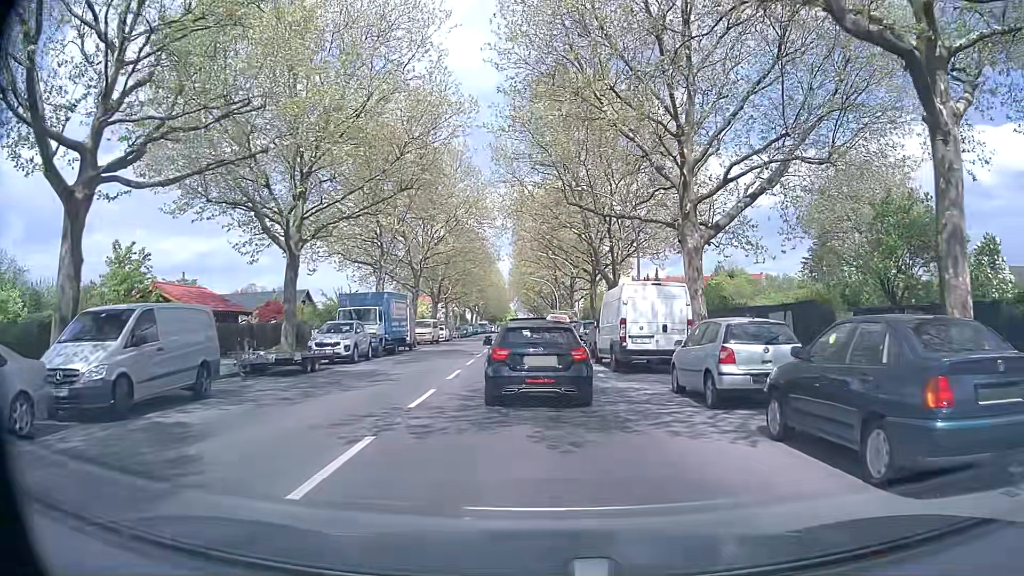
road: tertiary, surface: asphalt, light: Day
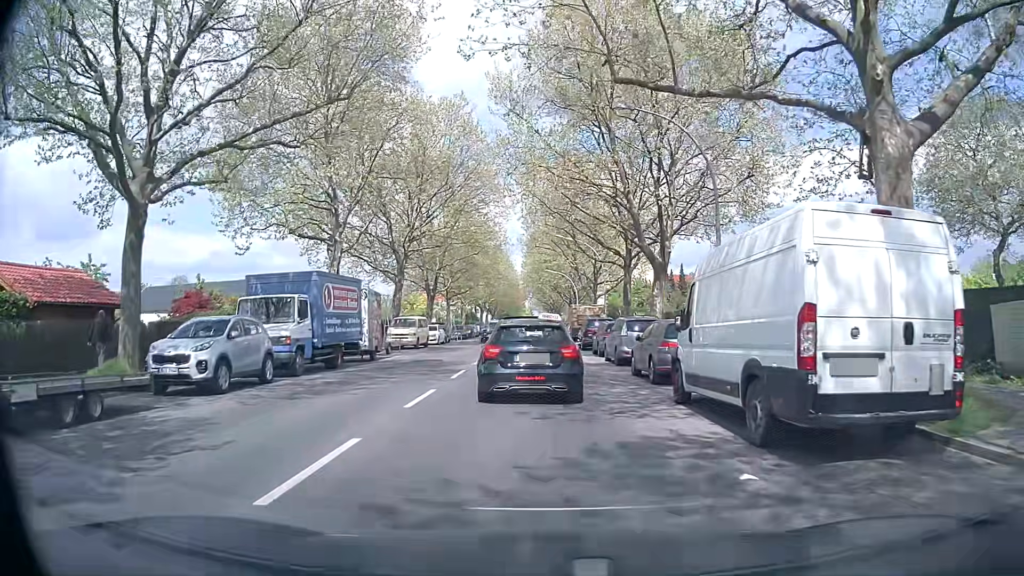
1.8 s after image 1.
(-0.1, +12.2) m; -2°
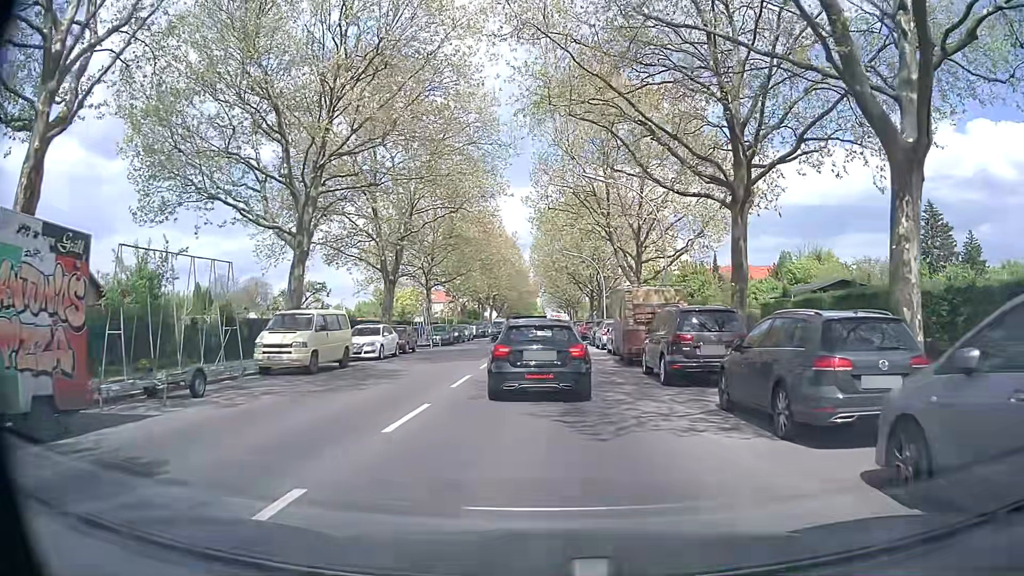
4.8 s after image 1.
(-0.1, +20.5) m; -1°
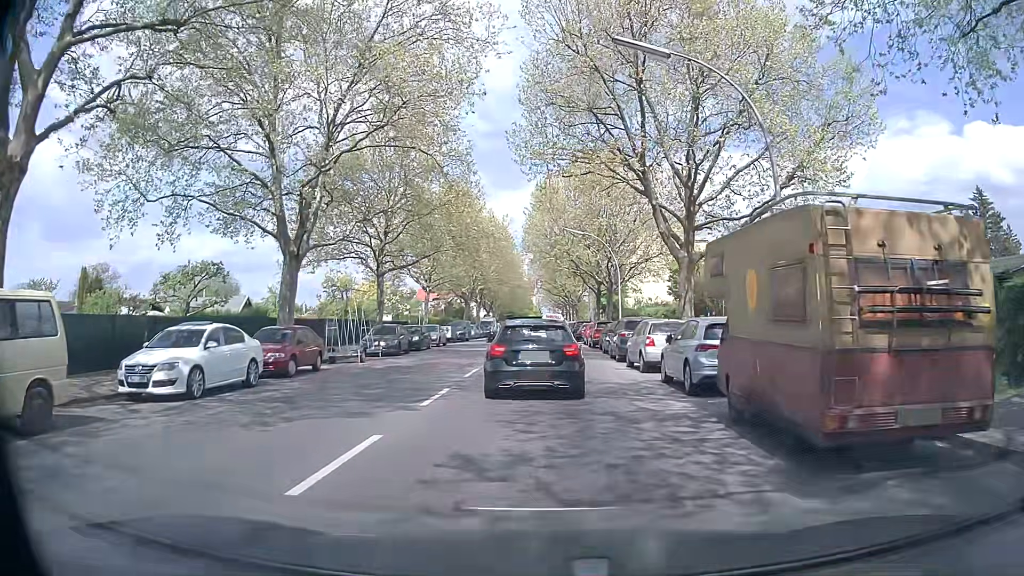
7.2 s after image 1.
(+0.2, +15.2) m; 0°
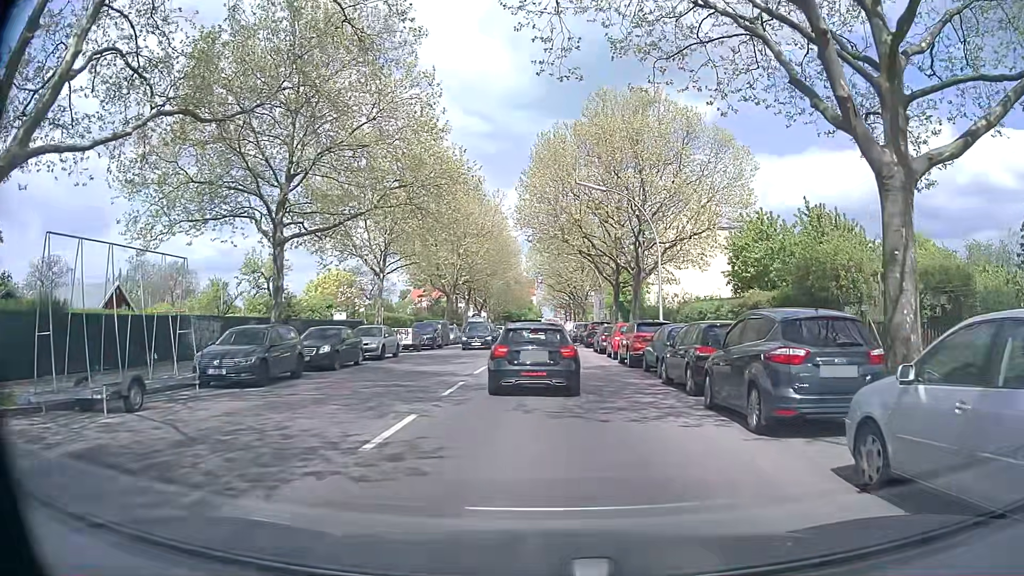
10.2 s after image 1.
(+0.1, +15.8) m; +1°
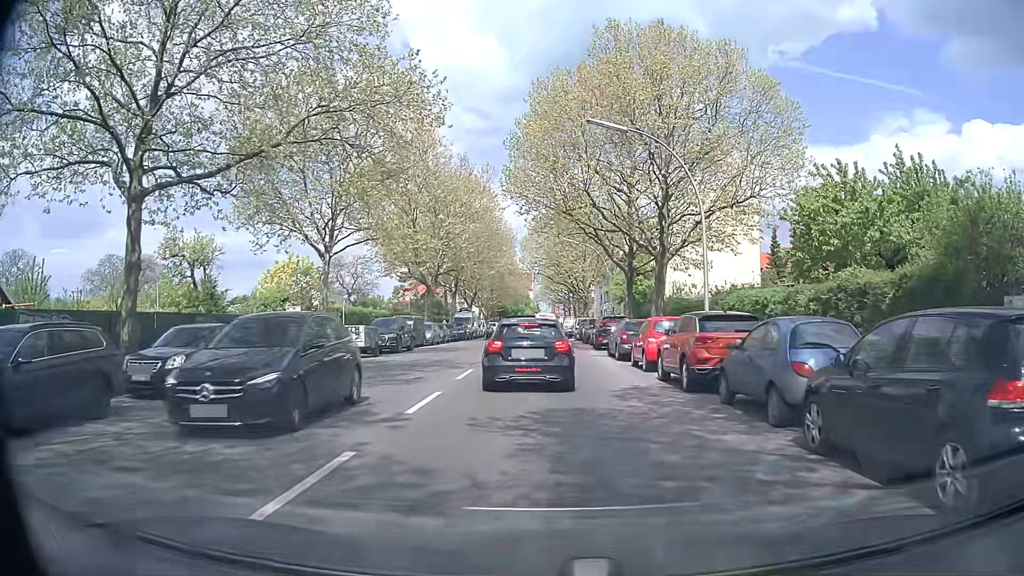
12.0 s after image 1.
(0.0, +9.3) m; +1°
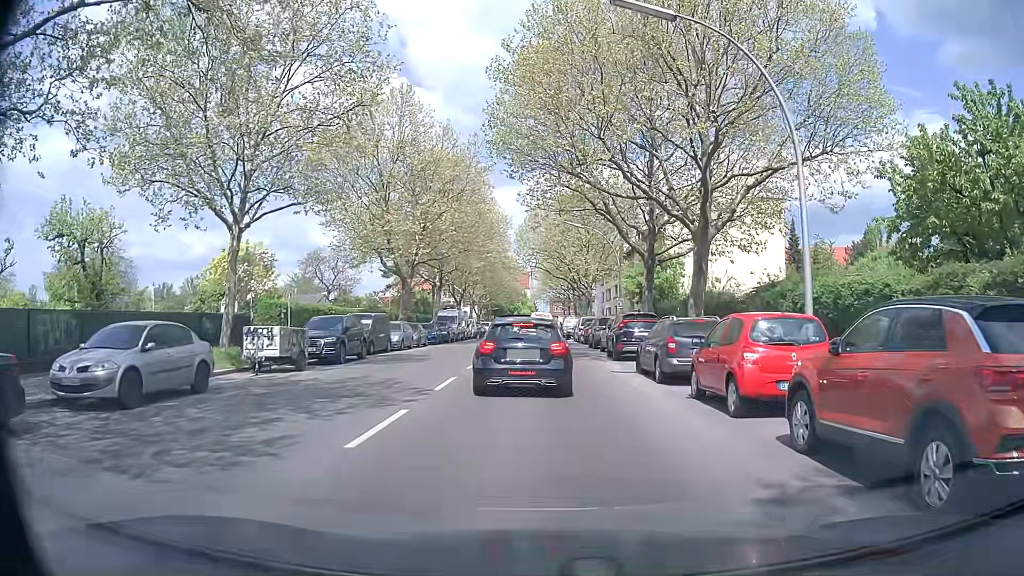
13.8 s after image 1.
(-0.1, +8.8) m; 0°
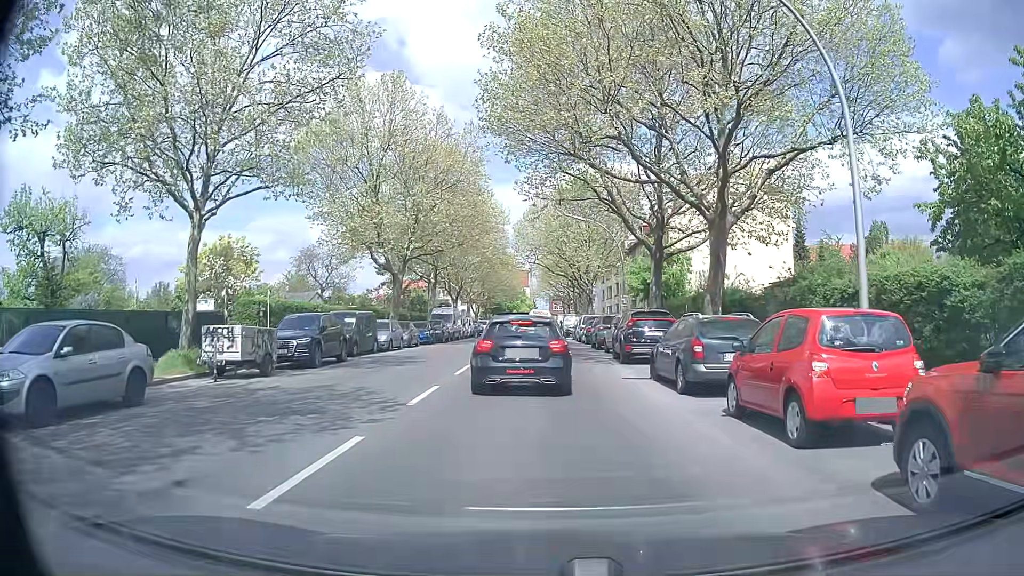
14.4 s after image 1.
(0.0, +2.4) m; -2°
= = = = = = =
== Your instructions ==
Word for word, give back each entry from above, but skip any picture.

== Problem solution ==
road: tertiary, surface: asphalt, light: Day
1.8 s after image 1.
(-0.1, +12.2) m; -2°
4.8 s after image 1.
(-0.1, +20.5) m; -1°
7.2 s after image 1.
(+0.2, +15.2) m; 0°
10.2 s after image 1.
(+0.1, +15.8) m; +1°
12.0 s after image 1.
(0.0, +9.3) m; +1°
13.8 s after image 1.
(-0.1, +8.8) m; 0°
14.4 s after image 1.
(0.0, +2.4) m; -2°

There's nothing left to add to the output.